What you are asked to do:
Leave out the images and output the records word for word.

Given data:
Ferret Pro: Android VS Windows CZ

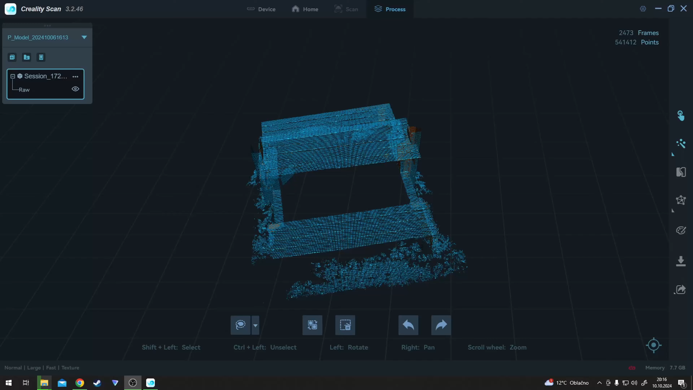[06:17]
A tady máme 3D model Altánku.
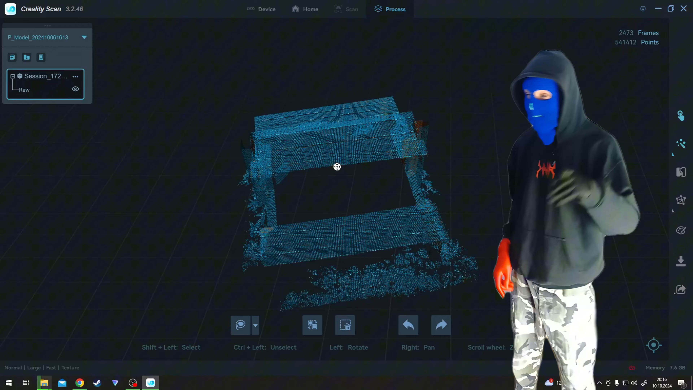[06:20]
Vygenerovaný ho na počítači,
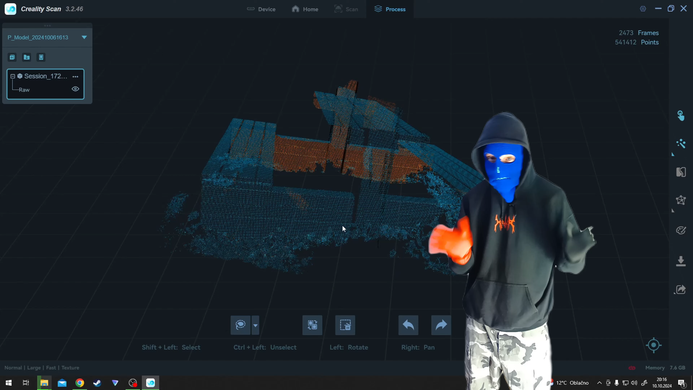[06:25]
teďka to zatím vidíte jenom v těch tečkách a jako první musíme udělat tu optimalizaci,
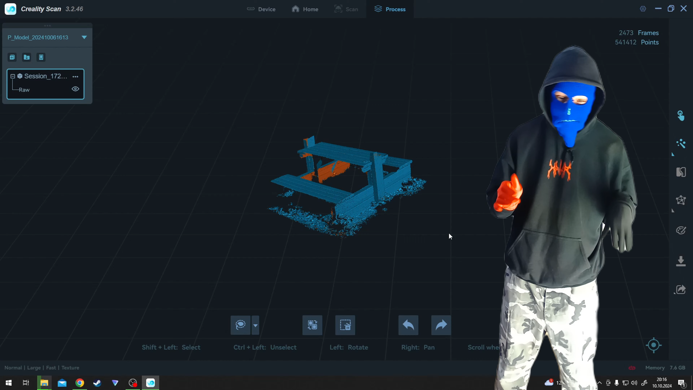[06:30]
kdy se ten model trošku vylepší.
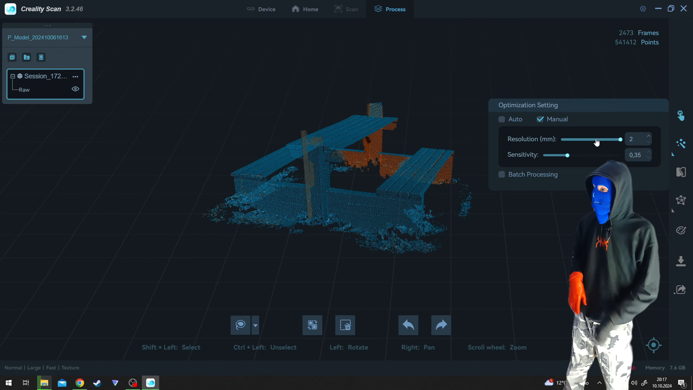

Solution to this exercise:
Ferret Pro: Android VS Windows CZ

[06:17]
A tady máme 3D model Altánku.
[06:20]
Vygenerovaný ho na počítači,
[06:25]
teďka to zatím vidíte jenom v těch tečkách a jako první musíme udělat tu optimalizaci,
[06:30]
kdy se ten model trošku vylepší.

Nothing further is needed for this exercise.